Хреновый из меня командир. И совершенно бесполезный патрульный. Никакой защитник. И теперь уже не человек. Одно слово – тварь. Я ничего не могу сделать. Хотя – нет, могу. Влезть в танк, прихватив с собой Горислава с Аретейни и бросив остальных на произвол судьбы. Стрелять в толпу пока заряды не кончатся. Вот только заряды-то у меня не выборочные – отправят в туман и своих, и чужих. И топливо на исходе – Ярополк не пройдёт и сотни метров. Бежать в Храм за новым? Не дотащу.

Ни смысла от меня, ни пользы. Бессилие – оно не обжигает, как пишут в книжках. Оно давит, как многотонная толща океанской воды, невыносимо давит, словно ты вдруг оказался на дне.

   — Дэннер?..

Чувствуешь ты меня, что ли?.. Ведьма… ведьмочка… шла бы ты отсюда, не ломала бы себе романтический образ. А то я ж у вас герой непобедимый. А тут на тебе. Не очень-то на отважного спасителя мира похоже, правда?

   — Дэннер… командир…

Вздрогнула, похолодела рука. Чуткие пальцы отвели волосы с лица, но я так и продолжал сидеть, уткнувшись носом в колени.

   — Дэннер… ты…

Она вдруг резко подалась вперёд, дёрнула меня за плечо – думал, сейчас опять в ухо треснет, а она совершенно неожиданно прижала меня к груди, изо всех сил, так, словно хотела не то удержать, не то унять дрожь в руках. Тёплая и хрупкая, такая родная, и ещё гимнастёрка до сих пор хранит запах гари, сырой холод пустого института, железный оттенок крови – моей крови. Я услышал бешеный стук сердца, частое, прерывистое дыхание.

Не знаю, что меня окончательно добило, а только я и сам разревелся в голос, как маленький ребёнок. Словно плотину прорвало. Я и забыл давным-давно, каково это – когда слезы душат. Теперь пришлось вспомнить.

   — Дэннер… не надо…

   — А сама?.. – отпарировал я, изо всех сил стараясь взять себя в руки и не поднимая головы от её плеча. Ласточка уткнулась носом в мои волосы, и голос прозвучал глухо.

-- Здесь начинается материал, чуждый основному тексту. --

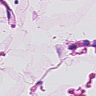
Metastatic tissue present: no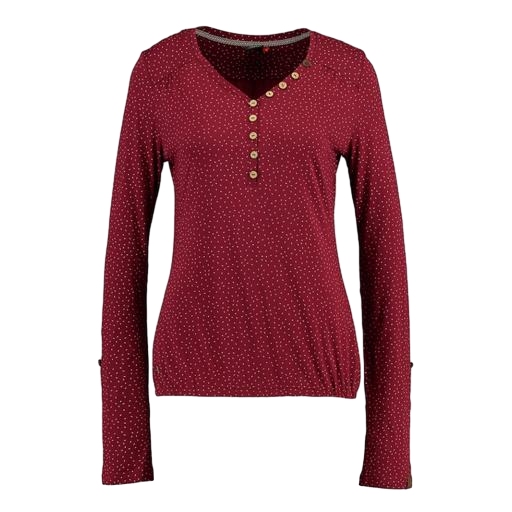
red printed t-shirt only macy, red plus size printed t-shirt only macy, long-sleeve t-shirt only macy, white background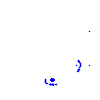
Particle: proton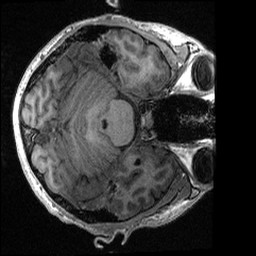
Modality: T1w
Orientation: axial
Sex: male
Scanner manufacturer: ge
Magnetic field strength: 3 T
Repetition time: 0.0064 s
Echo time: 0.00281 s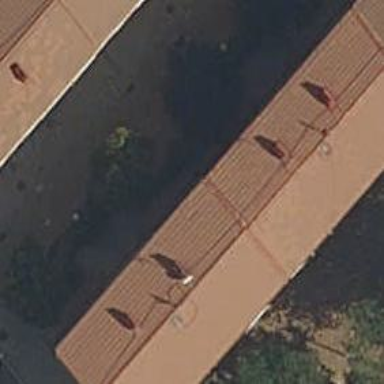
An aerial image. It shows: Hipped roof apartment building.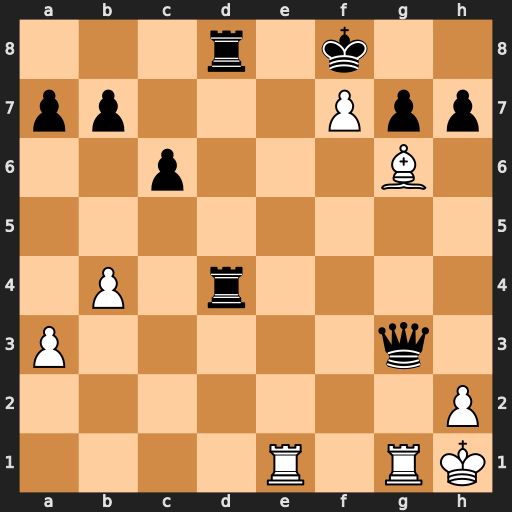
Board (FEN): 3r1k2/pp3Ppp/2p3B1/8/1P1r4/P5q1/7P/4R1RK
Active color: w
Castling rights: -
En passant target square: -
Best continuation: Re8+ Rxe8 fxe8=Q#
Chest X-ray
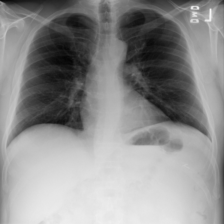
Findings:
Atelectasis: negative
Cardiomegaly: negative
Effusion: negative
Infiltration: negative
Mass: negative
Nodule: negative
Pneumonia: negative
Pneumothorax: negative
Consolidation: negative
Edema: negative
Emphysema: negative
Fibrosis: negative
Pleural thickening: negative
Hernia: negative
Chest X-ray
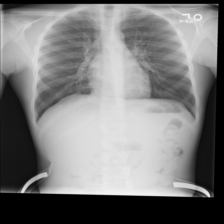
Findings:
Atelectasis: negative
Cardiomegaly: negative
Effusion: negative
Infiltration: negative
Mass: negative
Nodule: negative
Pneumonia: negative
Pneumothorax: negative
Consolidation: negative
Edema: negative
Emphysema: negative
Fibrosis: negative
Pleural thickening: negative
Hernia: negative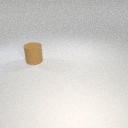
large brown rubber cylinder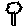
Label: tree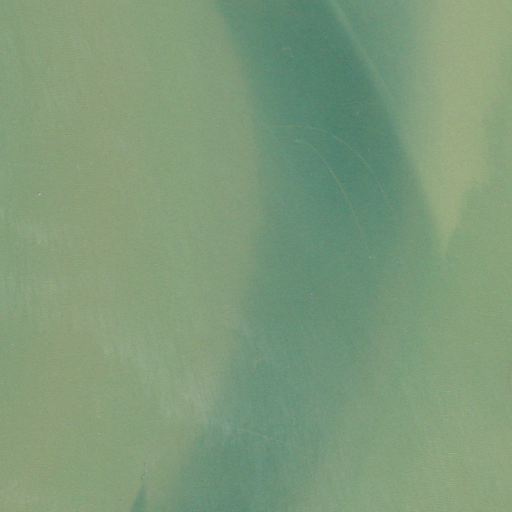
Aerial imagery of island in Georgia named Swanson Island containing open water and herbaceous wetlands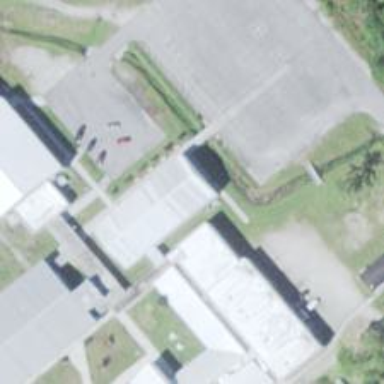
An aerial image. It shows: School building.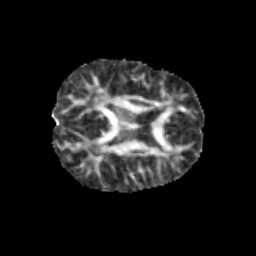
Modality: FA
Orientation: axial
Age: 10
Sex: male
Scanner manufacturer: siemens
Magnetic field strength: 3 T
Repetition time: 3.8 s
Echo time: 0.07 s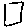
Label: square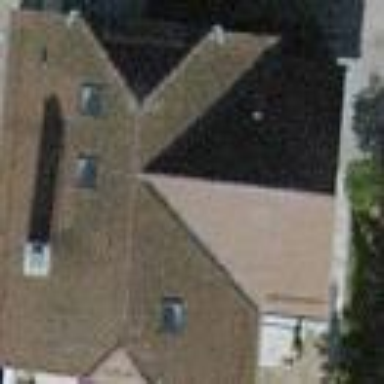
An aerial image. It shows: Detached building with half-hipped roof shape.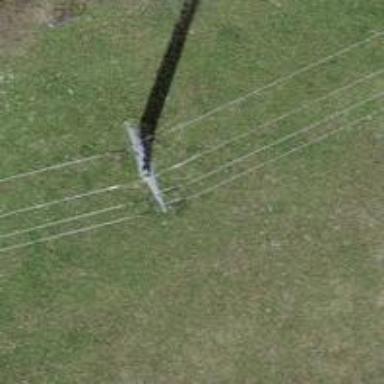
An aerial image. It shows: Concrete power pole.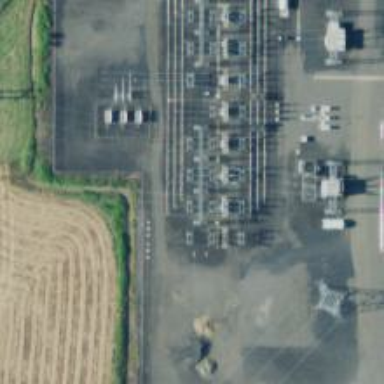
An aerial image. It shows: Outdoor power switch.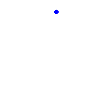
Particle: kaon
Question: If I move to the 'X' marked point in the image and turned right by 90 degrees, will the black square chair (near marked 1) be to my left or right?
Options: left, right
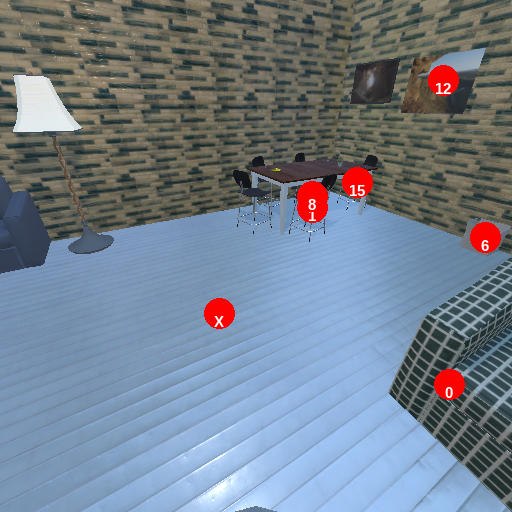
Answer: left

   — А я нормально. Просто мне страшно…

   — Удивила. – Я отстранился, наконец, и снова откинулся к стене. Взял бутылку. Слезы все не кончались. Много, наверное, накопилось. Ласточка как-то неуютно сжалась.

   — Ты не понял. Я не подземных боюсь. И не тварей.

   — А кого? – спросил я, прикладываясь к вискарю. Жидкость согрела изнутри. Как огонь… он вначале согревал дома, а теперь убивает… Боги, ну, что я несу…

Она не ответила, качнула головой и устроилась рядышком, опустив голову мне на плечо. И перехватила бутылку. Я отрешённо наблюдал за ней – ни разу не скривилась, как будто простую водицу пьёт. Крупными, жадными глотками.

   — Скажи. – Отчего-то это вдруг показалось мне предельно важным. Может, алкоголь успел подействовать, искажая восприятие – да только я должен был узнать. Должен.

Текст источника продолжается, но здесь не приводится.